🤖 AI Summary
This study addresses the challenge of batch effects in single-cell RNA sequencing data, which often obscure true biological signals and hinder cross-experiment integration, particularly in distributed and continuously growing data settings where existing methods fall short. To this end, the authors propose scBatchProx, a federated learning–inspired post-processing optimization framework that introduces the principles of federated learning to single-cell batch correction for the first time. scBatchProx operates without requiring access to raw expression data or centralized retraining; instead, it performs lightweight refinement of cell embeddings produced by any upstream method in latent space, leveraging batch-conditioned adapters and proximal regularization for efficient correction. Evaluations demonstrate that scBatchProx significantly improves batch removal in 90% of data–method combinations while better preserving biological signals in 85%, yielding an overall 3–8% relative improvement in embedding quality.
📝 Abstract
Advances in single-cell RNA sequencing enable the rapid generation of massive, high-dimensional datasets, yet the accumulation of data across experiments introduces batch effects that obscure true biological signals.
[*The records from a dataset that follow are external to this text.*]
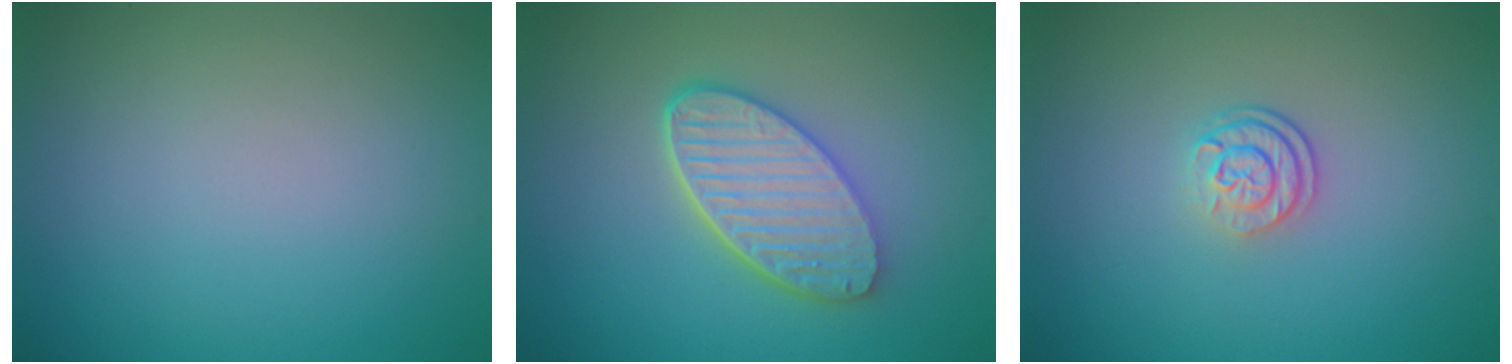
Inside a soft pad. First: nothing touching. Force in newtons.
{"total": 5.7, "press": 4.4, "slide": 3.6}
{"total": 2.6, "press": 1.9, "slide": 1.8}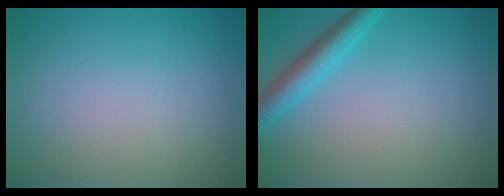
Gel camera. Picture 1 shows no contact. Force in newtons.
{"total": 3.0, "press": 3.0, "slide": 0.1}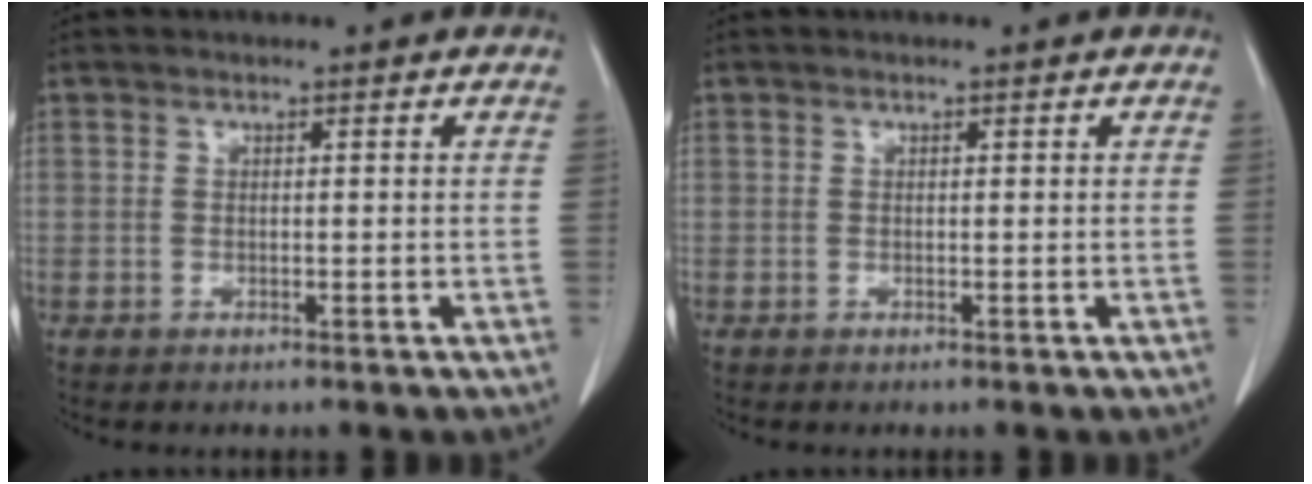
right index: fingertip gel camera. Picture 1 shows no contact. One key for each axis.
{"total": 0.0}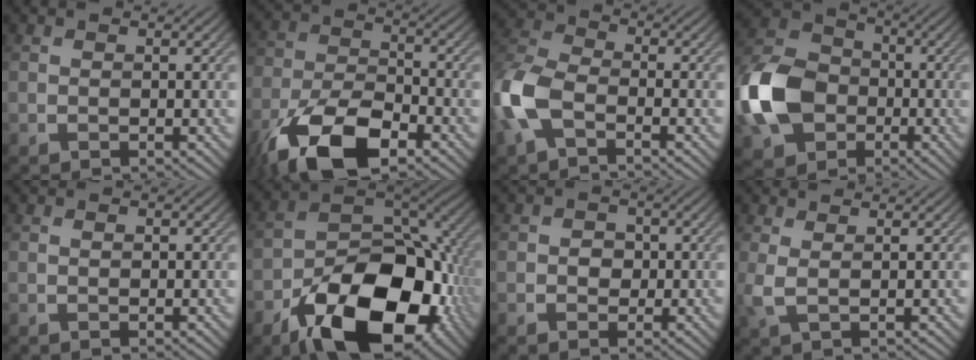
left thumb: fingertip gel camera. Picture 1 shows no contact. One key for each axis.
{"total": 13.5, "fx": -8.3, "fy": 6.1, "fz": 8.8, "tx": -0.185, "ty": -0.016, "tz": -0.170}
{"total": 8.9, "fx": -3.5, "fy": 4.9, "fz": 6.6, "tx": -0.173, "ty": -0.006, "tz": -0.089}
{"total": 14.0, "fx": -3.7, "fy": 10.7, "fz": 8.2, "tx": -0.219, "ty": -0.007, "tz": -0.093}
{"total": 0.5, "fx": 0.2, "fy": 0.3, "fz": 0.4, "tx": -0.004, "ty": 0.000, "tz": 0.003}
{"total": 17.9, "fx": -8.3, "fy": 10.1, "fz": 12.2, "tx": -0.182, "ty": -0.030, "tz": -0.148}
{"total": 2.3, "fx": -0.1, "fy": 2.1, "fz": 0.9, "tx": -0.002, "ty": 0.000, "tz": -0.012}
{"total": 2.4, "fx": 1.2, "fy": 0.3, "fz": 2.0, "tx": -0.041, "ty": 0.005, "tz": 0.022}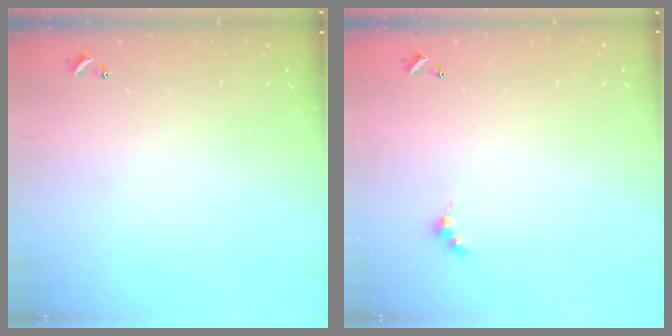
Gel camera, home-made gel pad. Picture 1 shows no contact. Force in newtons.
{"total": 2.4, "press": 2.4, "slide": 0.4}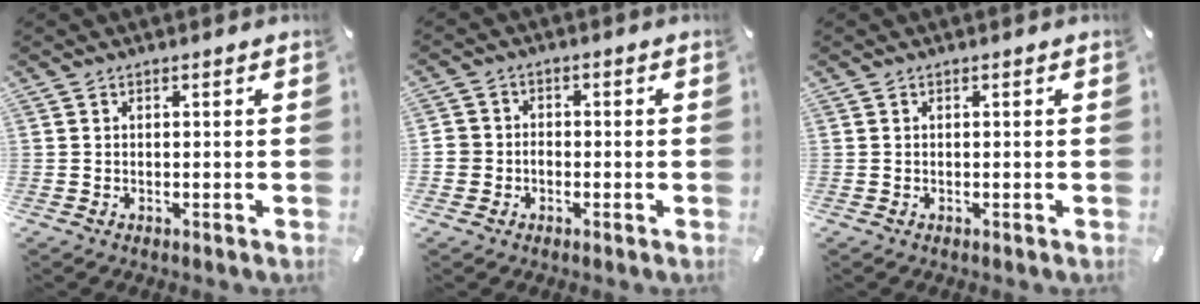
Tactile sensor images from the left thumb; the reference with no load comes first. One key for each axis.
{"total": 3.6, "fx": -1.5, "fy": 3.2, "fz": 0.6, "tx": -0.011, "ty": 0.011, "tz": -0.030}
{"total": 0.0}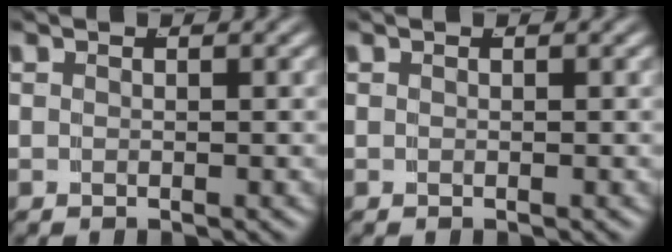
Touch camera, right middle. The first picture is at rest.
{"total": 0.0}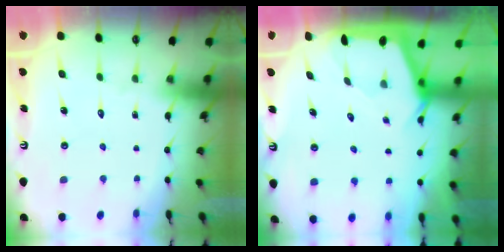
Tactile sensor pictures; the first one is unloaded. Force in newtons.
{"total": 2.3, "press": 2.3, "slide": 0.3}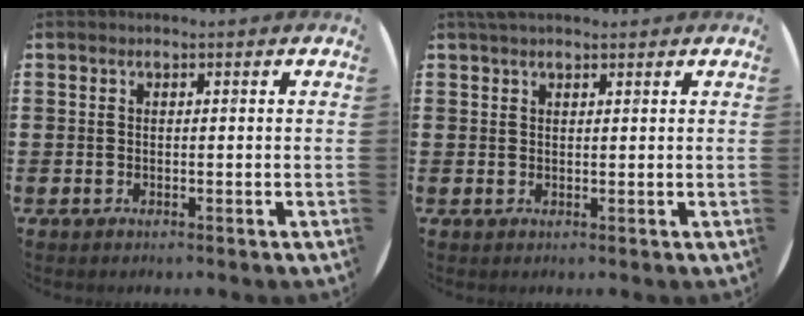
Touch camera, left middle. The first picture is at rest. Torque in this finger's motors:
{"motor_torque": [0.48, -0.35, 0.00, 0.00]}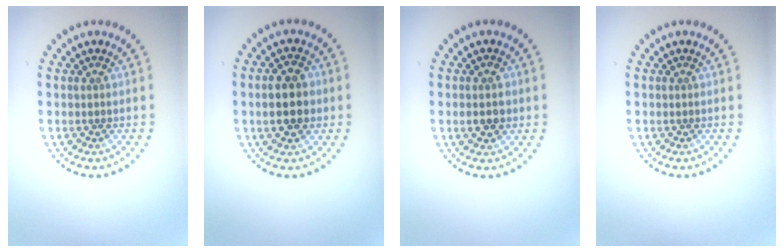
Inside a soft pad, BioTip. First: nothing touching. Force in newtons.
{"total": 4.5, "press": 4.5, "slide": 0.1}
{"total": 2.8, "press": 2.8, "slide": 0.1}
{"total": 0.0}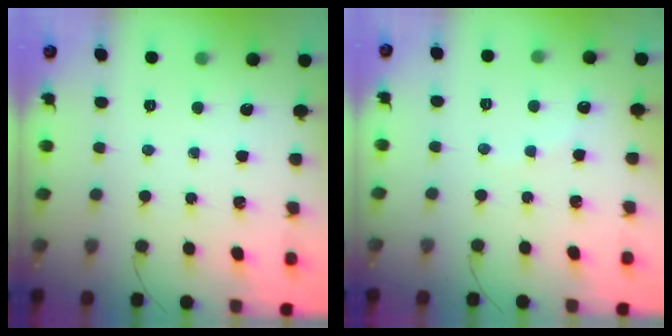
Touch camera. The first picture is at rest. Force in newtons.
{"total": 5.8, "press": 5.7, "slide": 1.0}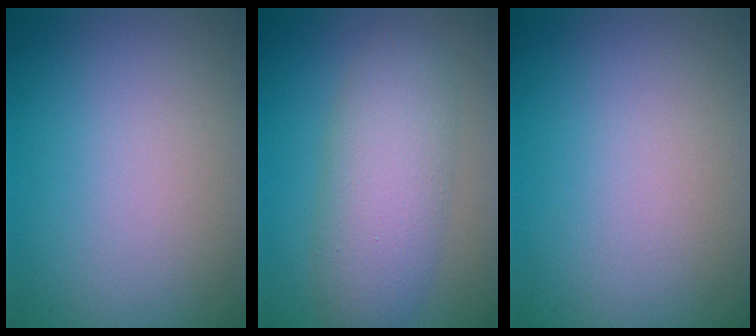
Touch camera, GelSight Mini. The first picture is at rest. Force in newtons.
{"total": 5.7, "press": 5.7, "slide": 0.2}
{"total": 0.0}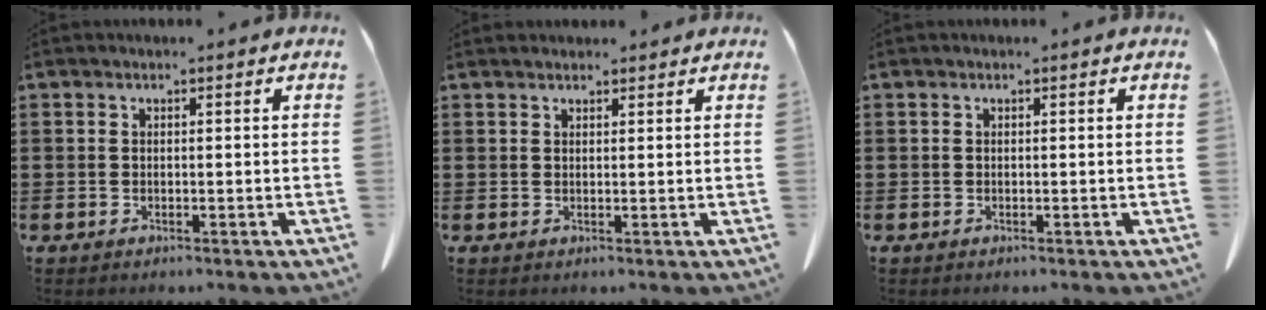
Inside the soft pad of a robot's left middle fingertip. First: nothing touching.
{"total": 1.2, "force": [1.2, 0.3, 0.1], "torque": [-0.006, 0.000, 0.024]}
{"total": 0.0}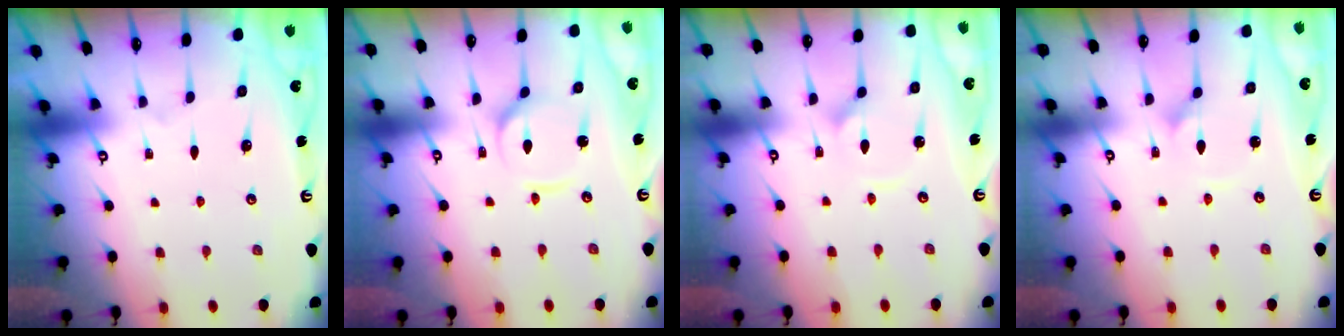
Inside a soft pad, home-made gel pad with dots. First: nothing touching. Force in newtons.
{"total": 5.0, "press": 4.9, "slide": 0.5}
{"total": 3.1, "press": 3.1, "slide": 0.3}
{"total": 2.0, "press": 2.0, "slide": 0.0}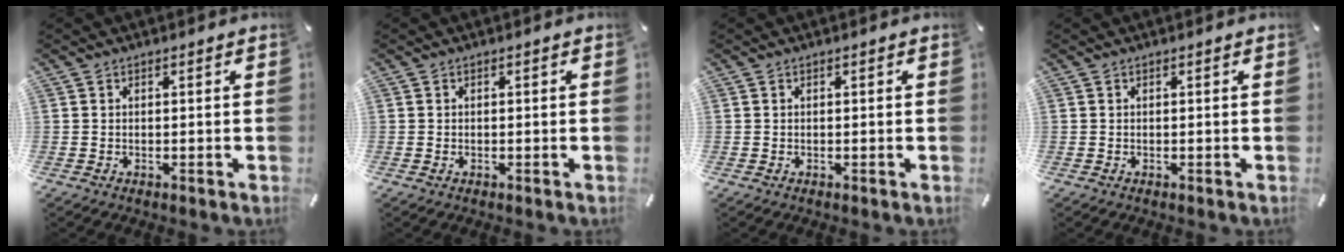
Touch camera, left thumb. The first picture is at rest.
{"total": 0.0}
{"total": 0.0}
{"total": 0.0}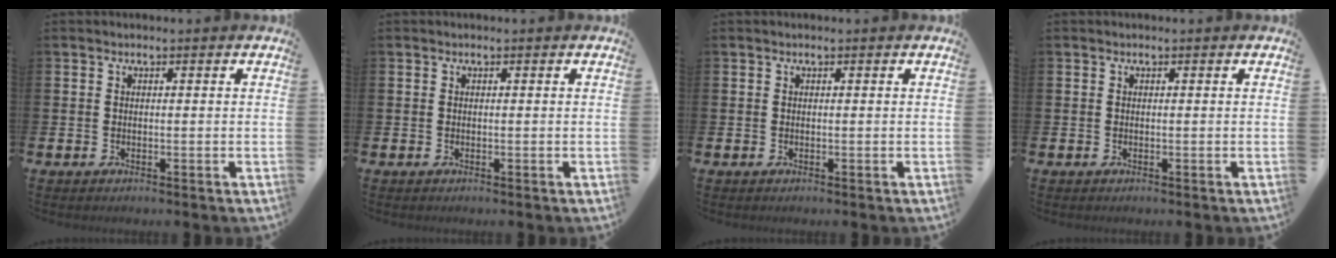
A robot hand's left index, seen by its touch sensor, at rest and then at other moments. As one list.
[{"total": 0.0}, {"total": 0.0}, {"total": 0.0}]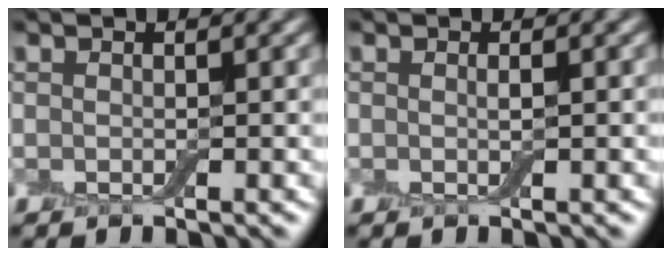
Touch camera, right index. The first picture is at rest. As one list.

Existing batch correction approaches either insufficiently correct batch effects or require centralized retraining on the complete dataset, limiting their applicability in distributed and continually evolving single-cell data settings. We introduce scBatchProx, a post-hoc optimization method inspired by federated learning principles for refining cell-level embeddings produced by arbitrary upstream methods. Treating each batch as a client, scBatchProx learns batch-conditioned adapters under proximal regularization, correcting batch structure directly in latent space without requiring raw expression data or centralized optimization. The method is lightweight and deployable, optimizing batch-specific adapter parameters only. Extensive experiments show that scBatchProx consistently yields relative gains of approximately 3-8% in overall embedding quality, with batch correction and biological conservation improving in 90% and 85% of data-method pairs, respectively. We envision this work as a step toward the practical refinement of learned representations in dynamic single-cell data systems.